Lessons from the past influence the current reality lessons

Terms like consolidating acreage positions, contiguous acreage, and core vs. non-core development are strategic concepts known in the industry today but were only widely adopted by operators in 2015-2017. By focusing on cash flow, shedding non-core positions, identifying their strengths, and investing in growth in core areas, oil & gas operators evolved into more efficient and responsible organizations. Investment in technology—including automation, digitalization, and data analytics—allowed operators to make data-driven decisions. This led to cost-effective, higher-performing wells and increased process efficiency.

Some defensively opportunistic OFS companies are following suit. While success is measured differently for service companies, the guiding principle remains the same: focus on strengths, streamline operations, manage cash flow, and be aggressively opportunistic for the opportunities still available.

To implement a defensively opportunistic strategy, you need insight into certain metrics of your business. To demonstrate key performance indicators (KPIs) that can help OFS companies deploy this approach in their operations, we’ve divided this topic into two articles. In this article, we show how days sales outstanding (DSO) impacts the financial health of a supplier and can be used as a barometer for the health of current customer relationships. The second article demonstrates how detailed market data can be used to identify growth opportunities and optimize the use of business development resources.

Why DSO matters for OFS

First, it is important to streamline efforts and processes to increase efficiency. DSO is traditionally the average number of days it takes for a company to get paid after an invoice is submitted. For OFS service companies, there is often a significant lag time between service completion and invoice submission, so the effective DSO is extended even further. Shortening DSO is critical for two reasons: faster access to working capital and investor confidence.

As part of our OpenInsights initiative, we work with service companies to analyze their revenue data to provide critical insights into their processes and business. OpenInsights combines the complete range of Enverus analysis and market data to create and deliver insight on OFS companies’ revenue sources, market trends, and operational efficiencies to help drive growth and get paid faster.

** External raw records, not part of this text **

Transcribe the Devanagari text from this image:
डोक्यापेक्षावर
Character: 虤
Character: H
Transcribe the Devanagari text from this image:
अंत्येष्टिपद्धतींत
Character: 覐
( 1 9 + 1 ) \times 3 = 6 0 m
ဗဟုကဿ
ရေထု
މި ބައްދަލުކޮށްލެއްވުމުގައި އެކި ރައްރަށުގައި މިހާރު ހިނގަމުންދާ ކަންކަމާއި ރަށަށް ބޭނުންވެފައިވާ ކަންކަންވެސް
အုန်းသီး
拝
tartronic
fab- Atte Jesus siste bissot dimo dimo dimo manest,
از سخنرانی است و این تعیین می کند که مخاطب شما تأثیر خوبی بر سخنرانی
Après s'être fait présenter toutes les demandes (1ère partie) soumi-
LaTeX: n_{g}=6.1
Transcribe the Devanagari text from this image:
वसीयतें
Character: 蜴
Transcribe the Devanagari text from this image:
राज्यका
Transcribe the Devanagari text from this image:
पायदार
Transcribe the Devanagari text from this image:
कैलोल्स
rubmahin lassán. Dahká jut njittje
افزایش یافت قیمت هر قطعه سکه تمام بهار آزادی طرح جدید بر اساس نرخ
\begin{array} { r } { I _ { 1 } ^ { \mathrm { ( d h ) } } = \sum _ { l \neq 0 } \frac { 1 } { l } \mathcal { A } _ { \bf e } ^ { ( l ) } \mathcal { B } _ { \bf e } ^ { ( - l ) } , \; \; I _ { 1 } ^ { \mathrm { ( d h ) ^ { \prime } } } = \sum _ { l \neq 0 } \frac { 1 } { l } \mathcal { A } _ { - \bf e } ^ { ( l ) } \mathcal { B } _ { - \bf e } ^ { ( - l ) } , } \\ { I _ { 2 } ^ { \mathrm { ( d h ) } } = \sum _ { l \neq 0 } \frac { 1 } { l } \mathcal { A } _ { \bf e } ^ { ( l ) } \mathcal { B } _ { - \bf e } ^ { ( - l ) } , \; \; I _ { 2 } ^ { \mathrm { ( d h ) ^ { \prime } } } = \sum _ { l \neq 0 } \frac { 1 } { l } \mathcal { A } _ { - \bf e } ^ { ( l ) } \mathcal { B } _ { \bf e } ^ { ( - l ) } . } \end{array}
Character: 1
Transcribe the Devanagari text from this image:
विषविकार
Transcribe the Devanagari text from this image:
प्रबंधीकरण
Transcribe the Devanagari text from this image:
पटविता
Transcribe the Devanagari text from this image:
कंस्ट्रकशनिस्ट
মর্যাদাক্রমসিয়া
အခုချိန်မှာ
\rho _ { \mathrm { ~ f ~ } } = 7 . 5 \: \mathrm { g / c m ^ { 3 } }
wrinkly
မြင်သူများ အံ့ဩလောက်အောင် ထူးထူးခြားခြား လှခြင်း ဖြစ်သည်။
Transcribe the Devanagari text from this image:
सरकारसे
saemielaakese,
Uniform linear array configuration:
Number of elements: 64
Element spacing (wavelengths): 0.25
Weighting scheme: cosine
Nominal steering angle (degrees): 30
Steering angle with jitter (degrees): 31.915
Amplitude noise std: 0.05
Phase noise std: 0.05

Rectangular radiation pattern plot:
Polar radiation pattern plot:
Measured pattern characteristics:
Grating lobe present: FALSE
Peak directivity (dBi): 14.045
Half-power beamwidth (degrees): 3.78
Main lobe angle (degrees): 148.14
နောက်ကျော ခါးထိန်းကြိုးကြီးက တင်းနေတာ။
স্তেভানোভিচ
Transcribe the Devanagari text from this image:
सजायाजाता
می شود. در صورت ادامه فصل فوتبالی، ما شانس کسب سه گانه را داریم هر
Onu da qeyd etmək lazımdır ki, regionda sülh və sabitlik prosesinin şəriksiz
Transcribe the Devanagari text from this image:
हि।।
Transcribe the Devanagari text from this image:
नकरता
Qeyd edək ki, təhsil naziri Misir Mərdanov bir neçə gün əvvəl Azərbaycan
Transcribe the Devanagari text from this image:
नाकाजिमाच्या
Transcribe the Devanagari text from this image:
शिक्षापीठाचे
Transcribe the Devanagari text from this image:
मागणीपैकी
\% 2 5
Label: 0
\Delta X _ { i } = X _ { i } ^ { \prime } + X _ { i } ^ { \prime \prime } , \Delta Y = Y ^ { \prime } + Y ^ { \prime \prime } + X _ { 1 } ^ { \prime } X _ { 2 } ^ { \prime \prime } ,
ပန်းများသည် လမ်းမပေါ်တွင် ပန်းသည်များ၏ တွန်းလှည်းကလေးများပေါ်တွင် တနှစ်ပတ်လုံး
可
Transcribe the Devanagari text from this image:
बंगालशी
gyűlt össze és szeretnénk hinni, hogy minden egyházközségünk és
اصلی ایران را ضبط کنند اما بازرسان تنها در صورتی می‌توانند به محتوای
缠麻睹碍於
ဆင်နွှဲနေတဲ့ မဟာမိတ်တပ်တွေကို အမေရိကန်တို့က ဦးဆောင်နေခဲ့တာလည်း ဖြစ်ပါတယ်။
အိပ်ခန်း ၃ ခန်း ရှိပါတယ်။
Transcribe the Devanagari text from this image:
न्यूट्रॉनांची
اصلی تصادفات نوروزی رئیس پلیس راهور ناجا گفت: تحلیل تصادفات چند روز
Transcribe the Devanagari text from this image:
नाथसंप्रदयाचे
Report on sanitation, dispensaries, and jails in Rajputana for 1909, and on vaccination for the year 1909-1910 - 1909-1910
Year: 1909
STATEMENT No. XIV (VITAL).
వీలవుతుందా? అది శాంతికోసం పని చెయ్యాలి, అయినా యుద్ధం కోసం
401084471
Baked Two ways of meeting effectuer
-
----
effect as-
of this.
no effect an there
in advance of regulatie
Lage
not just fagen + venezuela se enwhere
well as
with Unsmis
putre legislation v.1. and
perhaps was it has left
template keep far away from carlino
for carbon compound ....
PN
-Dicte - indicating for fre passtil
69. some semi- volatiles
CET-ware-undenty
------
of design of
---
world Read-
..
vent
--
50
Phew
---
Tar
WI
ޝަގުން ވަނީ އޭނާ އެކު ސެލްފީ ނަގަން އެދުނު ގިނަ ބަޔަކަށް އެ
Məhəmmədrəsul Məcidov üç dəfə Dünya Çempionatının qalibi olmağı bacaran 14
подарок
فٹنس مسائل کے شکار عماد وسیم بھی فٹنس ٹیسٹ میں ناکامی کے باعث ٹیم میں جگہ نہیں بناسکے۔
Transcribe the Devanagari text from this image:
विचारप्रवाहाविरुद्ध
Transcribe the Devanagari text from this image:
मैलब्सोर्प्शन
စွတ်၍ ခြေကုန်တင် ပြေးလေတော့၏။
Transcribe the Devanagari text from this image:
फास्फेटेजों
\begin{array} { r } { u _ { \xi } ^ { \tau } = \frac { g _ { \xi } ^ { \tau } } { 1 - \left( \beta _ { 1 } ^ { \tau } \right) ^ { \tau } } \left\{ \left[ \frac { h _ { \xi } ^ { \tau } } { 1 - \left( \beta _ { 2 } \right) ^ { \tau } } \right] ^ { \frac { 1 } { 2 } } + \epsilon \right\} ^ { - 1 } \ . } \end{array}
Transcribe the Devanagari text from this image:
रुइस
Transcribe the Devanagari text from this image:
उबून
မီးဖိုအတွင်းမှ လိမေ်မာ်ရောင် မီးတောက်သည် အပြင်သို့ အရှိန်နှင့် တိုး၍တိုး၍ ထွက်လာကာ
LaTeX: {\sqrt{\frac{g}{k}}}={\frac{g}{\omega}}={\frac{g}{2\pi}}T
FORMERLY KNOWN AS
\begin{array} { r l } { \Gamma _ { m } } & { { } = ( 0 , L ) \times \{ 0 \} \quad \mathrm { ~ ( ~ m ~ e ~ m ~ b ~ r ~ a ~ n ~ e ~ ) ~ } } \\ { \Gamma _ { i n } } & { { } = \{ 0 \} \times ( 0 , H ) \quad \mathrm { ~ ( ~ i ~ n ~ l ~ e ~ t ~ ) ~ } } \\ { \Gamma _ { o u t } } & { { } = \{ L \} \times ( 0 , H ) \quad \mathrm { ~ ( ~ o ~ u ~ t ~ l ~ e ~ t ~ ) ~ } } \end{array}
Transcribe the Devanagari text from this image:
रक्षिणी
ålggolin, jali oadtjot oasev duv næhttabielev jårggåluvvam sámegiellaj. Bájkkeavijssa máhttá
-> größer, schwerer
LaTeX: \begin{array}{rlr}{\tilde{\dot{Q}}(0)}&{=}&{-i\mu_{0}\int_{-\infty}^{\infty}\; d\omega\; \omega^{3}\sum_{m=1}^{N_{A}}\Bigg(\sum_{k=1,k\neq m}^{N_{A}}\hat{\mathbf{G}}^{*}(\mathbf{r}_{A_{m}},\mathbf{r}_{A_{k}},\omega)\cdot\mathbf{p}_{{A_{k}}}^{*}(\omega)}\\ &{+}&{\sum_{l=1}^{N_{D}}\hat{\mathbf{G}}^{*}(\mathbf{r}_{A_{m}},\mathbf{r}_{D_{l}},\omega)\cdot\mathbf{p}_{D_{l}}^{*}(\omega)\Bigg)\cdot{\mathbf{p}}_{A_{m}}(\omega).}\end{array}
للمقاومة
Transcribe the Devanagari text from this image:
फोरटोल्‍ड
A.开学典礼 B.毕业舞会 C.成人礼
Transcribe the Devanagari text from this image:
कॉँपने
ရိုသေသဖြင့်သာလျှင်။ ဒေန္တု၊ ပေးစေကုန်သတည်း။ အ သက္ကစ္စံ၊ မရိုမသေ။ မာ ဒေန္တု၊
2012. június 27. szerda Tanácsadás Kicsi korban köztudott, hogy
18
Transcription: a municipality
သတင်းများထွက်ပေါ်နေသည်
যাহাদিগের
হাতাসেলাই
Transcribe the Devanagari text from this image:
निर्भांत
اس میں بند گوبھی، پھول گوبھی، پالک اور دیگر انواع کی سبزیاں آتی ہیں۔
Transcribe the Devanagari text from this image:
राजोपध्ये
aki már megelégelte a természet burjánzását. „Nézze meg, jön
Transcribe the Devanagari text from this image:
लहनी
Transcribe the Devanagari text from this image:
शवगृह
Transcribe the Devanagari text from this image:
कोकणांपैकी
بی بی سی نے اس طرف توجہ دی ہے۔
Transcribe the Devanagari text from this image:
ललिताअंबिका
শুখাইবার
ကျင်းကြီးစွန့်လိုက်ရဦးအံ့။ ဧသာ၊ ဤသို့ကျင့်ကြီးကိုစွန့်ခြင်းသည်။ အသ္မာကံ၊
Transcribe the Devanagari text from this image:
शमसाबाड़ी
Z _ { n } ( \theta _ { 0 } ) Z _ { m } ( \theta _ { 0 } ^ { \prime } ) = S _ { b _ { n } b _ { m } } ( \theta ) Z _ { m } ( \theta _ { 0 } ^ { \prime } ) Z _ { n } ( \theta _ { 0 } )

By incorporating data variance arising from geographical and operational differences with time-to-payment analyses for a DSO perspective, we get a view of inefficiencies and opportunities and can recommend best practices to tackle them.

To understand why this metric has significant impact on a service company’s performance and stability, it helps to understand the components of a company’s DSO. OpenInsights allows us to look at DSO from five key components:

  1. Service Duration: The average time for service performance.
  2. Submit Duration: The average time for invoice submission after service completion.
  3. Approval Duration: The average time for buyer (typically E&P company) approval of the invoice.
  4. Payment Duration: The average time for payment of the invoice.
  5. Dispute Duration: The average time lost settling invoice disputes due to errors or pricing discrepancies

These components provide a better understanding of DSO and highlight inefficiencies in the process for remediation.

Why DSO Matters for Better Cash Flow Management-Metrics for Oilfield Services

By understanding DSO, you can uncover inefficiencies in your billing process for remediation.

The example above groups DSO information from a buyer perspective. While the overall DSO of these four buyers seems relatively similar, the differences in the distribution of the five components impact how each of these challenges should be addressed.

Buyer A: Invoices are approved quickly, with a low number of disputes. The problem areas are the submit duration and time-to-payment. These issues can be solved by automating processes to accelerate faster ticket and invoice processing. Another option for the company could be to leverage A/R financing to negotiate payment terms and expectations and further de-risk the revenue stream.

Buyer B: The problems are with invoice approval and dispute duration. These issues can be solved with improved data reporting practices and price book or catalog implementation with the buyer.

Improving DSO saves time, increases availability of working capital, and reduces cost of capital by spending less money on inefficient efforts. OpenInsights helps suppliers establish best practices that fit the needs of their businesses.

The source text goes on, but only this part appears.